In this series of 127 cases 53 were treated with the same formula (chemical
agents with craton oil), rest all the patients were treated without craton oil.
3. Mode of action
Mode of action is a most similar to emulsification of Dermis. The Coagulatory
activity of Phenol destroys the epidermis and upper layer of dermis which
remains in position as a scab and new growth of edpidermal cell, takes place
within 5-7 days while dermal regeneration occurs within 2-3 weeks.

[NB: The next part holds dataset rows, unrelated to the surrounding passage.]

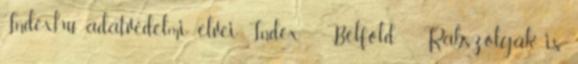
Index.hu adatvédelmi elvei Index - Belföld - Rabszolgák is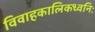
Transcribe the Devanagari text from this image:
विवाहकालिकध्वनिः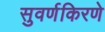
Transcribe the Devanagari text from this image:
सुवर्णकिरणे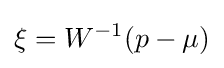
\xi =W^{-1}(p-\mu )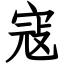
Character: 寇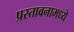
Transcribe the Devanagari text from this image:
प्रस्तावनामध्ये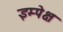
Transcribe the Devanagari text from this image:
इम्पेक्ष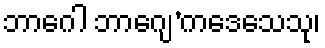
ဘာဂေါ ဘာဂျေ’ကဒေသေသု၊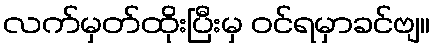
လက်မှတ်ထိုးပြီးမှ ဝင်ရမှာခင်ဗျ။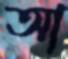
আ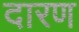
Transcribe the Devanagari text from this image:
दारण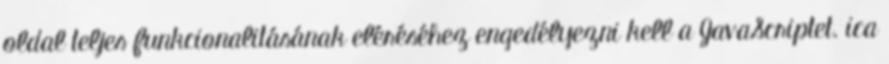
oldal teljes funkcionalitásának eléréséhez engedélyezni kell a JavaScriptet. ica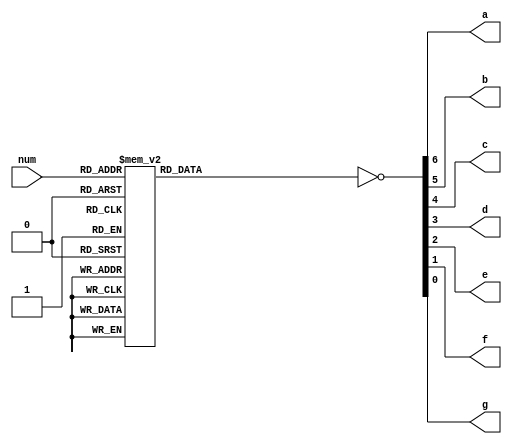
`timescale 1ns / 1ps

module sevenseg(
    input [3:0] num,
    output a,
    output b,
    output c,
    output d,
    output e,
    output f,
    output g
    );
    
    reg [6:0] intseg;
    assign {a,b,c,d,e,f,g} = ~intseg;
    
    always@*
    begin
        case(num)
            4'h0: intseg = 7'b1111110;
            4'h1: intseg = 7'b0110000;
            4'h2: intseg = 7'b1101101;
            4'h3: intseg = 7'b1111001;
            4'h4: intseg = 7'b0110011;
            4'h5: intseg = 7'b1011011;
            4'h6: intseg = 7'b1011111;
            4'h7: intseg = 7'b1110000;
            4'h8: intseg = 7'b1111111;
            4'h9: intseg = 7'b1111011;
            4'ha: intseg = 7'b1110111;
            4'hb: intseg = 7'b0011111;
            4'hc: intseg = 7'b1001110;
            4'hd: intseg = 7'b0111101;
            4'he: intseg = 7'b1001111;
            //4'hf: intseg = 7'b1000111; // Replaced with the slash symbol
            4'hf: intseg = 7'b0100101; // This is the slash symbol that is used to seperate the score and time
        endcase
    end
            
            
endmodule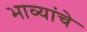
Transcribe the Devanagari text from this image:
भाव्यांचे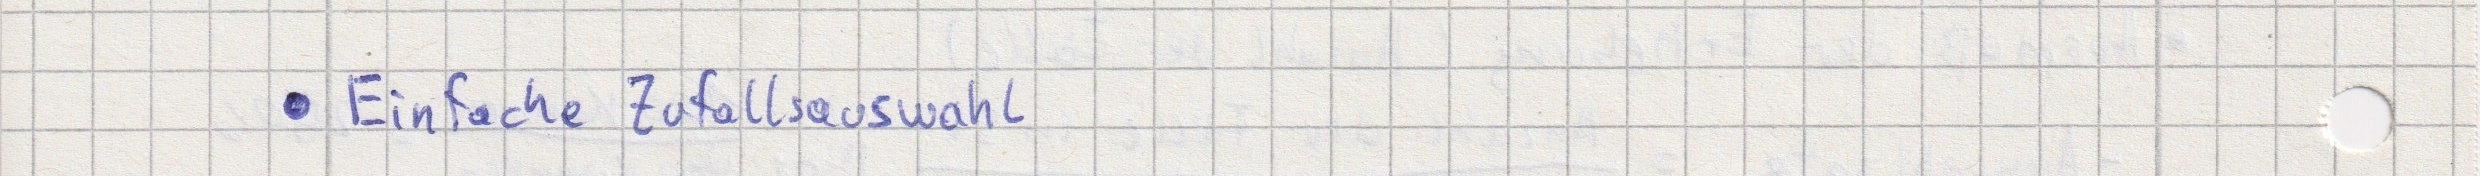
- Einfache Zufallsauswahl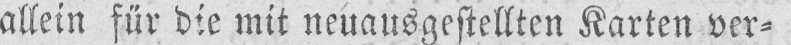
allein für die mit neuausgestellten Karten ver⸗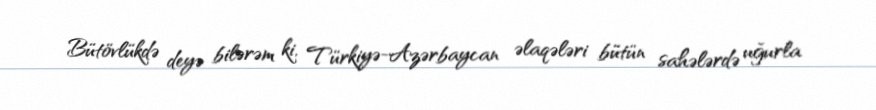
Bütövlükdə deyə bilərəm ki, Türkiyə-Azərbaycan əlaqələri bütün sahələrdə uğurla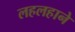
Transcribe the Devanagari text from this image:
लहलहाने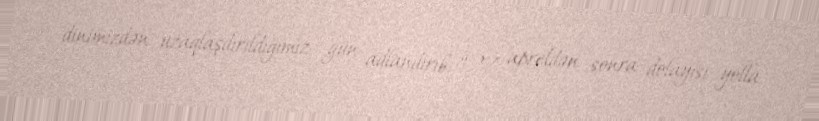
dinimizdən uzaqlaşdırıldığımız gün adlandırıb: “27 apreldən sonra dolayısı yolla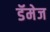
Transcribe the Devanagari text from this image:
डॅमेज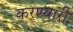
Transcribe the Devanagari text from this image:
करण्यारी
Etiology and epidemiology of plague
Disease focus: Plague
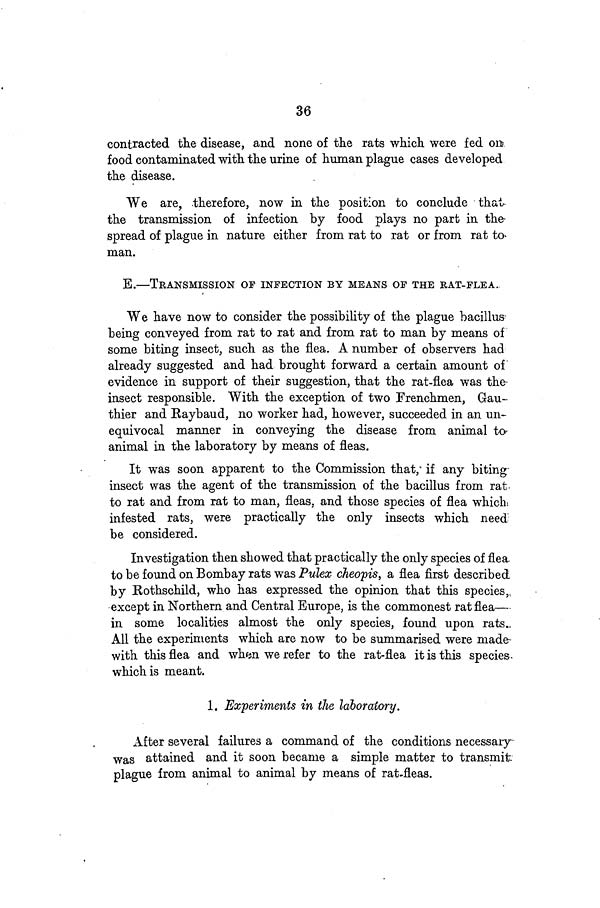
36
contracted the disease, and none of the rats which were fed on
food contaminated with the urine of human plague cases developed
the disease.
We are, therefore, now in the position to conclude that
the transmission of infection by food plays no part in the
spread of plague in nature either from rat to rat or from rat to
man.
E.—TRANSMISSION of INFECTION BY MEANS OF THE RAT-FLEA.
We have now to consider the possibility of the plague bacillus-
being conveyed from rat to rat and from rat to man by means of
some biting insect, such as the flea. A number of observers had
already suggested and had brought forward a certain amount of
evidence in support of their suggestion, that the rat-flea was the
insect responsible. With the exception of two Frenchmen, Gau-
thier and Raybaud, no worker had, however, succeeded in an un-
equivocal manner in conveying the disease from animal to
animal in the laboratory by means of fleas.
It was soon apparent to the Commission that, if any biting
insect was the agent of the transmission of the bacillus from rat
to rat and from rat to man, fleas, and those species of flea which
infested rats, were practically the only insects which need
be considered.
Investigation then showed that practically the only species of flea
to be found on Bombay rats was Pulex cheopis, a flea first described
by Rothschild, who has expressed the opinion that this species,
except in Northern and Central Europe, is the commonest rat flea—
in some localities almost the only species, found upon rats.
All the experiments which are now to be summarised were made
with this flea and when we refer to the rat-flea it is this species
which is meant.
1. Experiments in the laboratory.
After several failures a command of the conditions necessary
was attained and it soon became a simple matter to transmit
plague from animal to animal by means of rat-fleas.

Destruction of epidermis and upper layer of dermis results into the removal of
rough, pigmented, uneven skin, new epithelisation of epidermis with diffuse
tightening gives a smoother look. This firmness and elastic quality of skin are
because of thickening of dermal papillary layer due to horizontally oriented
collagen fibers; pinkness of skin can be explained by increased vascularity.
Microscopic studies to check the depth of penetration of phenol by measuring
the width of coagulated layer, which peels off in the form of fine scab, a depth
of 0.3 to 0.5 mm was observed in this series of study.
4. Histological Changes:
Histological studies have shown equalization of architecture of the collagen
tissue in the dermal layer as well as reduction into the quantity of Melanin
granules in the basal layer of epidermis.
Indication:
Sr. No Indication No. of cases No. of sittings
1 Fine wrinkles due to
ageing
57 One
2 Acne marks 12 Two
3 Deep acne marks 27 Two
4 Small pox marks 7 Two
5 Deep small pox marks 17 Three
6 Abnormal pigmentation 7 One
6. PRECAUTIONS:
I always give special instructions to be obeyed strictly and honestly as follows:
From Day One of Operation till scab peels off:
1. Avoid talking, chewing or unnecessary jaw movements
2. Take only liquids with the help of a straw
3. Ensure a continuous flow of cool air over the face to keep it as dry as possible.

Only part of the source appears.